Der Oberste Gerichtshof in Spanien wollte dies erst ab seinem Urteil 2013 ermöglichen, mit dem die Klausel für nichtig erklärt wurde. Genau diese Beschränkung verteidigt die Regierung weiter, um neue riesige Löcher in den Bankbilanzen zu verhindern. Sehr verbraucherunfreundlich und bankenfreundlich sei das, hatte der Gerichtshof argumentiert.

Die komplette Rückzahlung würde "schwere Verwerfungen in der wirtschaftlichen Ordnung" Spaniens nach sich ziehen. Verbraucherschützer waren entsetzt über eine neue Bankenrettung per Gericht. Denn jeder Haushalt hat im Durchschnitt bisher 15.000 Euro zu viel bezahlt.

Der EuGH wird nun definitiv entscheiden, ob die überhöhten Zinsen komplett zurückgezahlt werden müssen. "Es ist unmöglich, dass nationale Gerichte die Beschränkungen an den Rückzahlungen vornehmen, die für nichtig erklärte Klauseln bezahlt wurden", meint die EU-Kommission. Die Verbraucherschutzorganisation Facua feiert die Unterstützung dagegen, dass "Banken illegal einkassiertes Geld erlassen werden soll“.

Es sei "unerträglich", dass die Regierung weiter "für die Interessen der Banken gegen die Verbraucherrechte eintrete", weil sie weiterhin fordert, die Auswirkungen auf die Banken zu beschränken.

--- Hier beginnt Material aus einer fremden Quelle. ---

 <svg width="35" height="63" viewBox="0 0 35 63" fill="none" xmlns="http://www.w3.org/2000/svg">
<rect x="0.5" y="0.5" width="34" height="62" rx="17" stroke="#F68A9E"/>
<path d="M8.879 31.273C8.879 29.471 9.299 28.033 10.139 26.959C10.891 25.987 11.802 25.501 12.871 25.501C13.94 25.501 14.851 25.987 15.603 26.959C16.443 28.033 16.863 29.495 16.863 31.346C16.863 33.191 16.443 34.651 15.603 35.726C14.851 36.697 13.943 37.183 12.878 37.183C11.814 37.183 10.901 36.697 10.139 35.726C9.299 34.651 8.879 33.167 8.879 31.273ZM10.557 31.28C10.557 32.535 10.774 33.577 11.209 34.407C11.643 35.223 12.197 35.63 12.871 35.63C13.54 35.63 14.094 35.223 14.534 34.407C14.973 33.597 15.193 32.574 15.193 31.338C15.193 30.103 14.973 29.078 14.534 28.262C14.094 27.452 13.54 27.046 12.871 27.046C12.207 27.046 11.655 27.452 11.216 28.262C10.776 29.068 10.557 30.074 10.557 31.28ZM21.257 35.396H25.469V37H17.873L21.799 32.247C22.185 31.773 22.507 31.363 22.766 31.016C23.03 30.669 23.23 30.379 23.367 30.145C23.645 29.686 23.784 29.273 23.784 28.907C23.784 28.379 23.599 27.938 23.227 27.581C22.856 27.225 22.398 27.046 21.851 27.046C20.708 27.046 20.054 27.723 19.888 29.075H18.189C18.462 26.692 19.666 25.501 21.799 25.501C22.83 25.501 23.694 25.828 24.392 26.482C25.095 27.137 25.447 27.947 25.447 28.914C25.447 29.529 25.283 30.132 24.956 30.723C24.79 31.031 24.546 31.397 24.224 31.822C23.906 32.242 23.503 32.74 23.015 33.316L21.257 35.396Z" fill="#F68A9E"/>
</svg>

Es geht um die "cláusulas suelo" (Bodenklausel). Die hat Banken lange enorme Gewinne beschert, seit die Europäische Zentralbank (EZB) die Zinsen stark gesenkt hat. Die Klausel verhinderte, dass niedrige Zinsen auch den Kreditnehmern zugute kommen. Denn nach unten sind sie oft gedeckelt, während sie nach oben unbegrenzt weitergegeben wurden.

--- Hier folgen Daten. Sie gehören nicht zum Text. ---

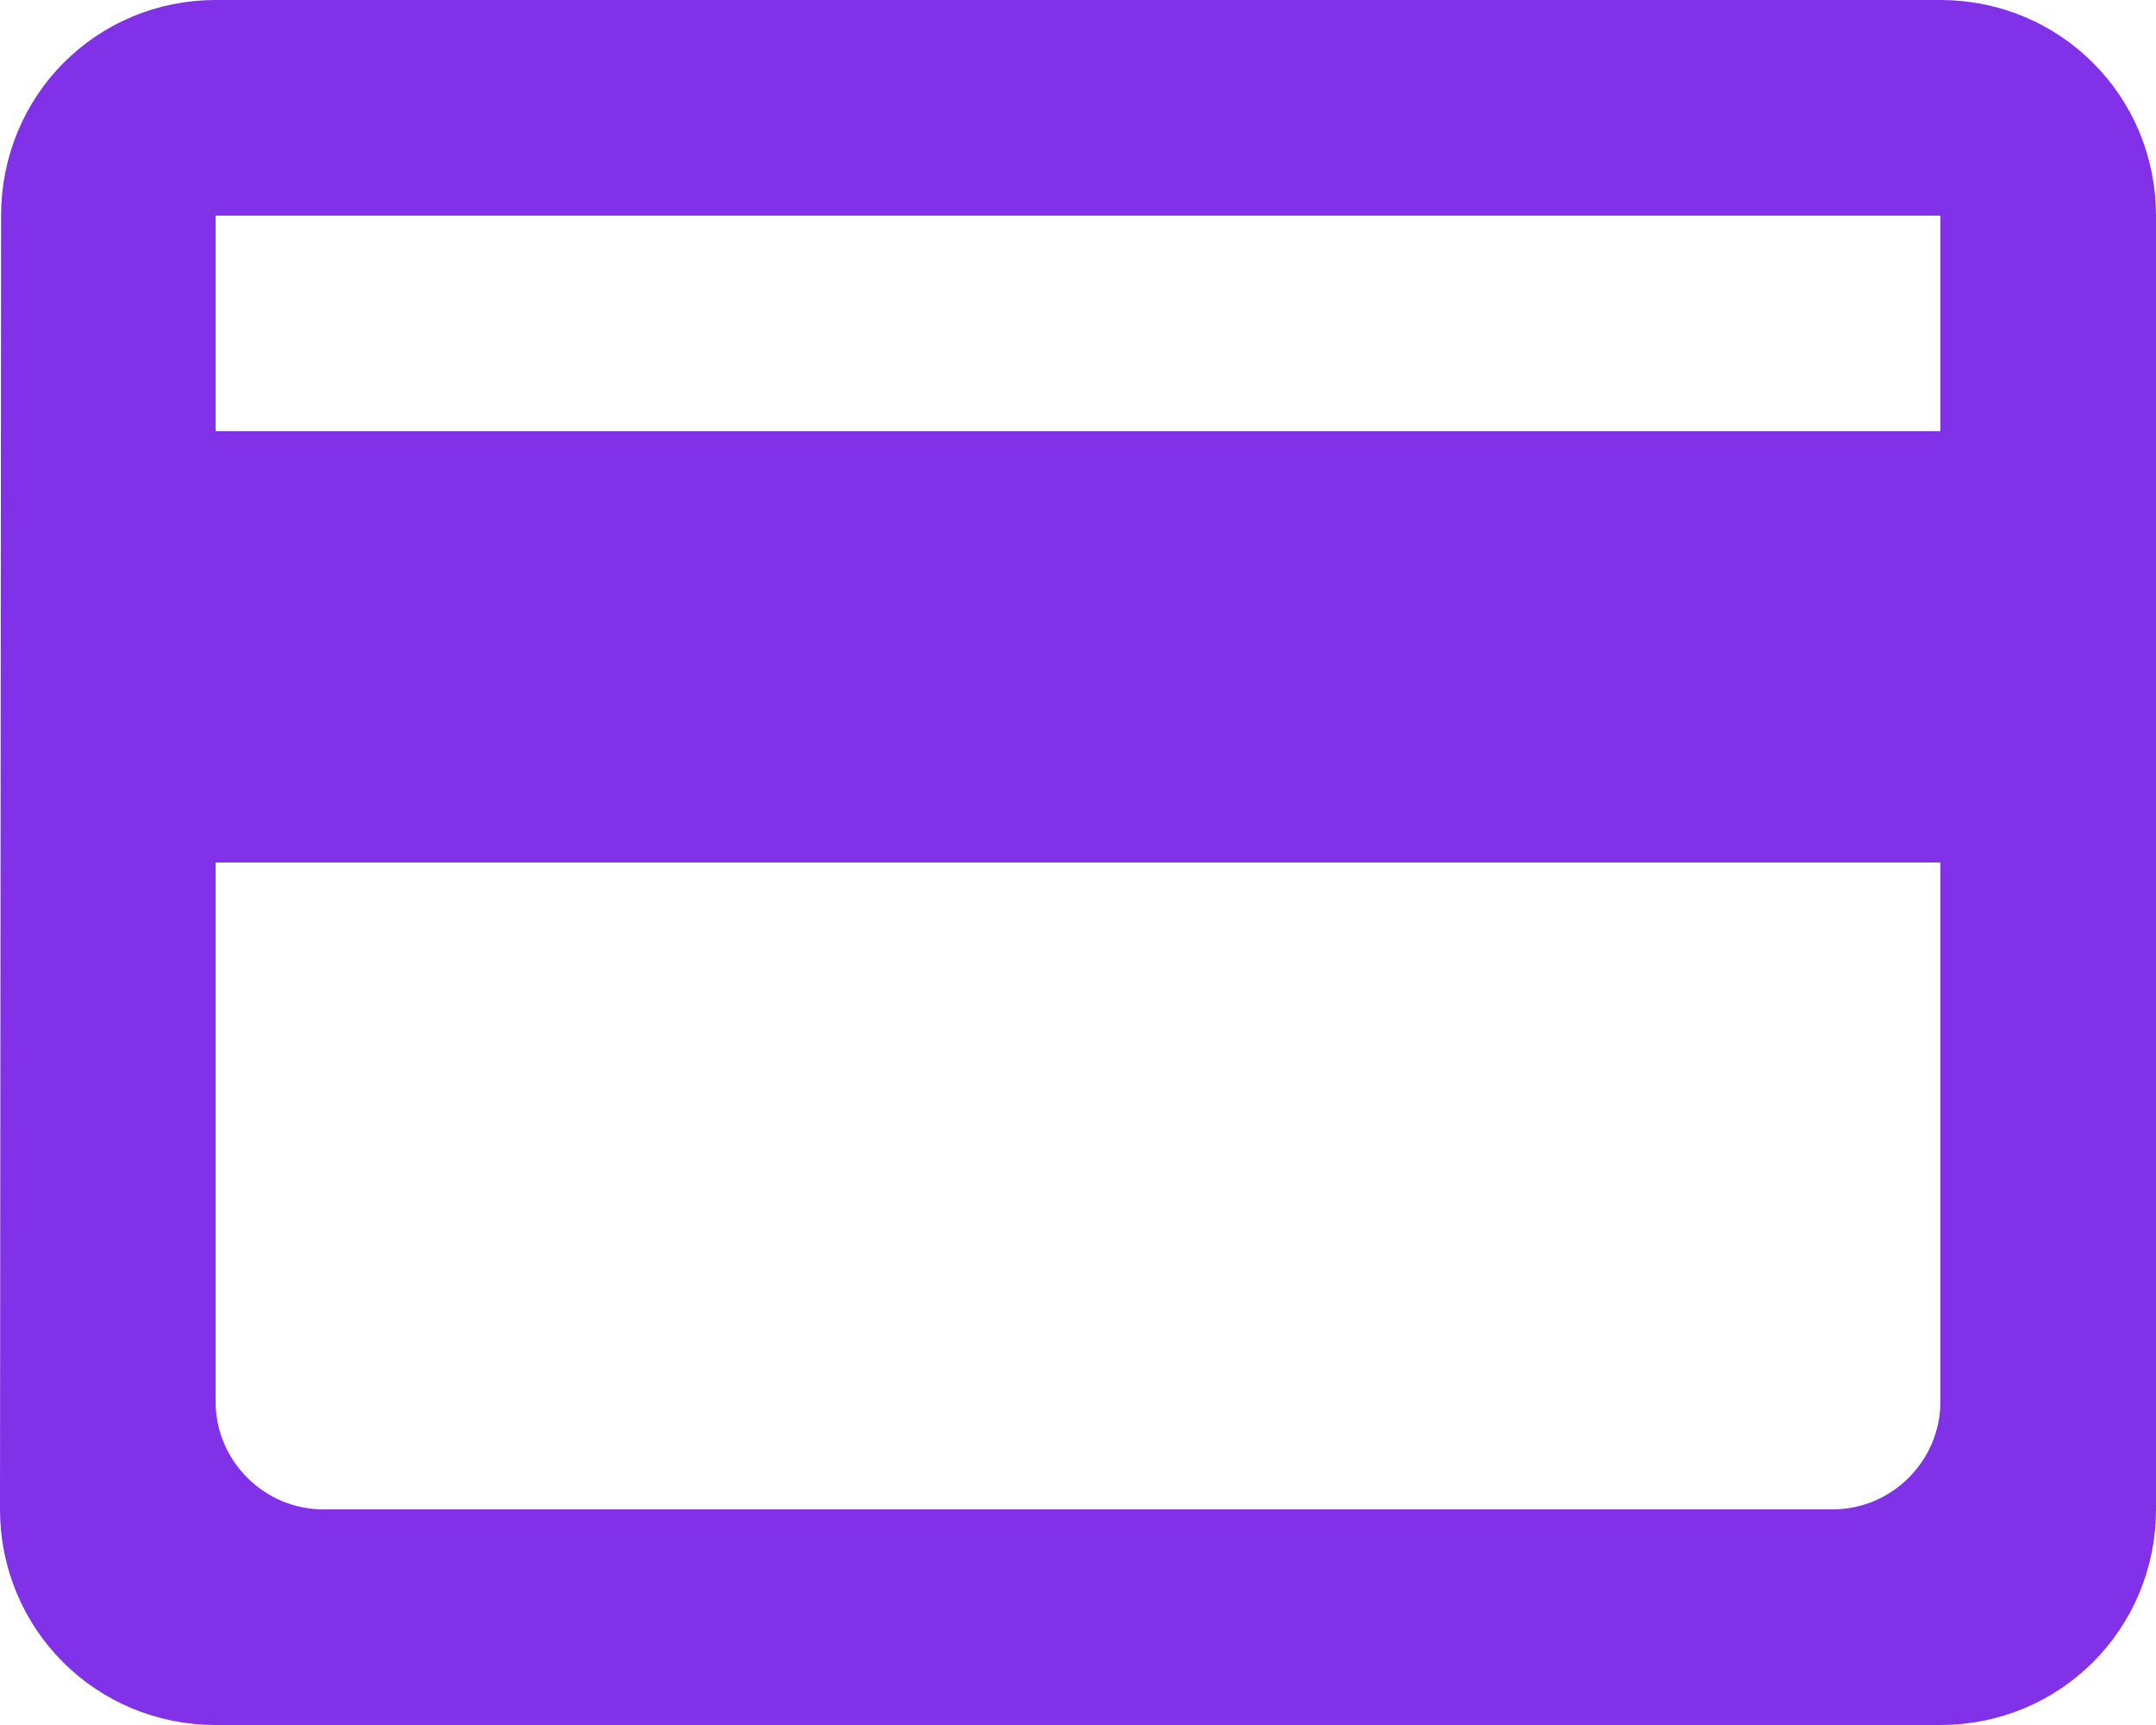 <svg width="20" height="16" fill="none" xmlns="http://www.w3.org/2000/svg"><path d="M.51 2C.51 1.163 1.17.5 2 .5h16c.834 0 1.5.666 1.5 1.5v12c0 .834-.666 1.5-1.5 1.5H2c-.834 0-1.5-.666-1.5-1.5L.51 2ZM2 7.5h-.5V13c0 .826.674 1.5 1.5 1.5h14c.826 0 1.5-.674 1.5-1.5V7.5H2Zm16-3h.5v-3h-17v3H18Z" fill="#8131E7" stroke="#8131E7"/></svg>

Das führte mit der Finanzkrise und hochschießenden Zinsen 2008 dazu, dass viele Familien ihre Kredite nicht bedienen konnten. Oft verloren sie ihre Wohnung und blieben nach der Räumung auf hohen Restschulden sitzen. Nach Angaben von Verbraucherschützern wird sogar weiterhin geräumt, weil Geldinstitute bis heute das Urteil aus dem Jahr 2013 ignorieren.

Die Summe, um die nun gestritten wird, wurde damit weiter erhöht. Etwa 2,5 Millionen Verbraucher sollen viel zu viele Zinsen gezahlt haben und es soll deshalb um eine Summe bis zu 36 Milliarden Euro gehen. Das ist fast die, mit der mit 42,3 Milliarden spanische Banken über den europäischen Rettungsfonds vor der Pleite bewahrt wurden.

Schadensersatz und Restschulden

Und sie könnte weiter steigen, da Schadensersatzforderungen hinzukommen können. Denn seit 2009 wurden mehrere hunderttausend Immobilien geräumt, weil überhöhte Zinsen nicht gezahlt werden konnten.

Bestätigt das EuGH die Auffassung der EU-Kommission, womit gerechnet werden darf, können viele Familien auch hoffen, dass ihre Restschulden gestrichen werden. Das wird zu weiteren Abschreibungen in Bilanzen führen. Denn in Spanien werden die Restschulden mit der Übergabe der Wohnung an die Bank - anders als in den USA - nicht gestrichen.

Genau das hatte die PAH mit einer Gesetzesinitiative gefordert, die von den Konservativen bis zur Unkenntlichkeit verstümmelt wurde. Und das war ein zentraler Grund dafür, dass die Aktivisten in die Politik gingen und in vielen Städten wie Barcelona und Madrid schon regieren.